Pay people whose works you want to extract value from, it is that easy… Unless the whole point of this "AI" bubble is to create monetary value for the companies and their shareholders without being held accountable. I do not mean that creating, configuring, tuning a model, or even compiling a massive dataset is not work, but it is the tiniest fraction of the work that went into whatever is present in the dataset.

> also, for software authors, prohibiting ML training would be antithetical to the Open Source Definition.

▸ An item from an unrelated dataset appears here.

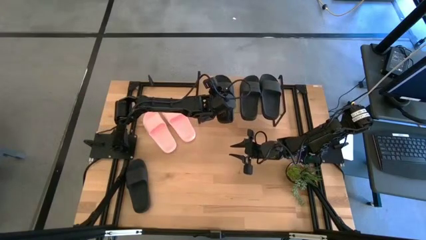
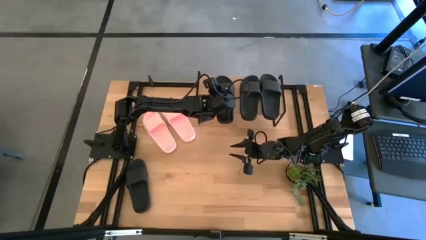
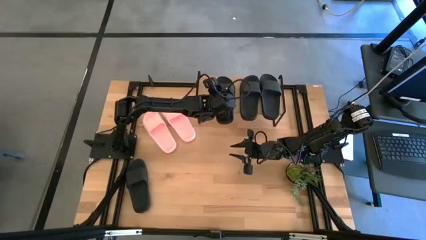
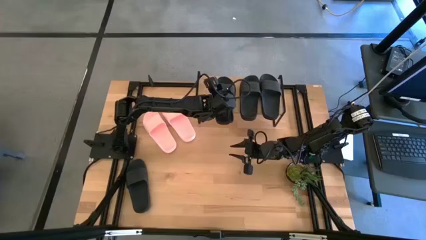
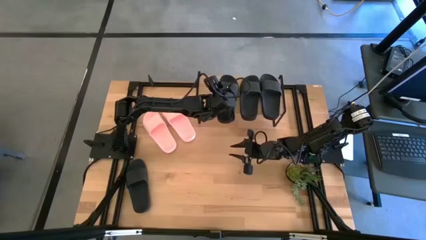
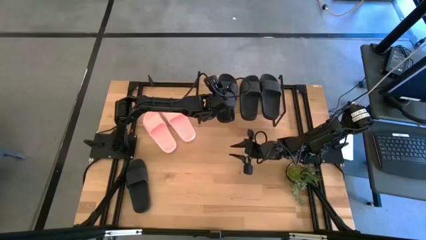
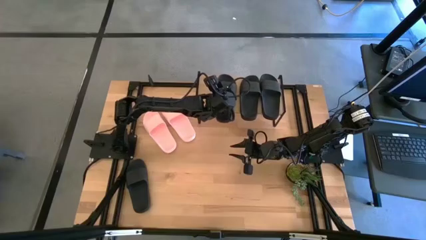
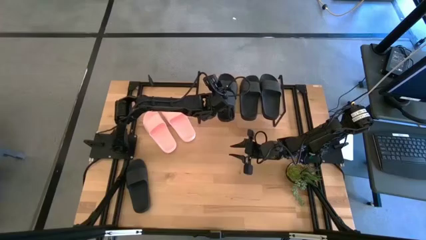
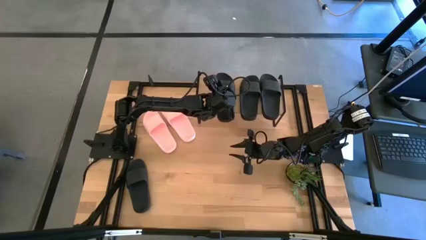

So that probably won’t work.

A-ha, at one point I hope even AI zealots will be forced to acknowledge that the process is creating a derivative work and sure, train on my FOSS sources all you want, but the end result will need to abide by the licenses of all the sources browsed (have fun).

> As the tech industry celebrates the frothy emergence of machine learning in a time of economic doom and gloom, let’s hope this nascent field doesn’t sink because of the copyright iceberg looming ahead.

I am sorry to break this to the author, but not all fields and jobs need to exist. I have not seen much net positive from "AI" to society as a whole so far, with even less exciting things on the horizon.

discuss

order

CuriouslyC|3 years ago

Trying to legislate model training is impossible and stupid. At worst some copyright holders will sue a company because a model is biased and produces close-enough replicas of something under copyright. Model builders will respond by penalizing models that reproduce copyright images too closely, and better curating data sets to avoid bias, at which point the issue will be moot.

Taywee|3 years ago

I don't want anybody to feed any of my work into a model at all without following all the terms of the licenses of my work. If my work is used to generate, via a computer program, a derived output, then you need to follow my licenses.

People keep pretending that AI is the exact same thing as a human learning, but it's really a lot more like a fancy compiler with highly non-deterministic output. AI is not a human.

scotty79|3 years ago

Apparently AI already passes US medical exams. I guess it deserves to be beaten into the ground by estabilished copyright behemoths and lawyers.

zone411|3 years ago

No, not yet.

a9h74j|3 years ago

> Pay people whose works you want to extract value from

So, e.g., from Basic Attention Token (BAT) to Basic Authorship Token (also BAT)?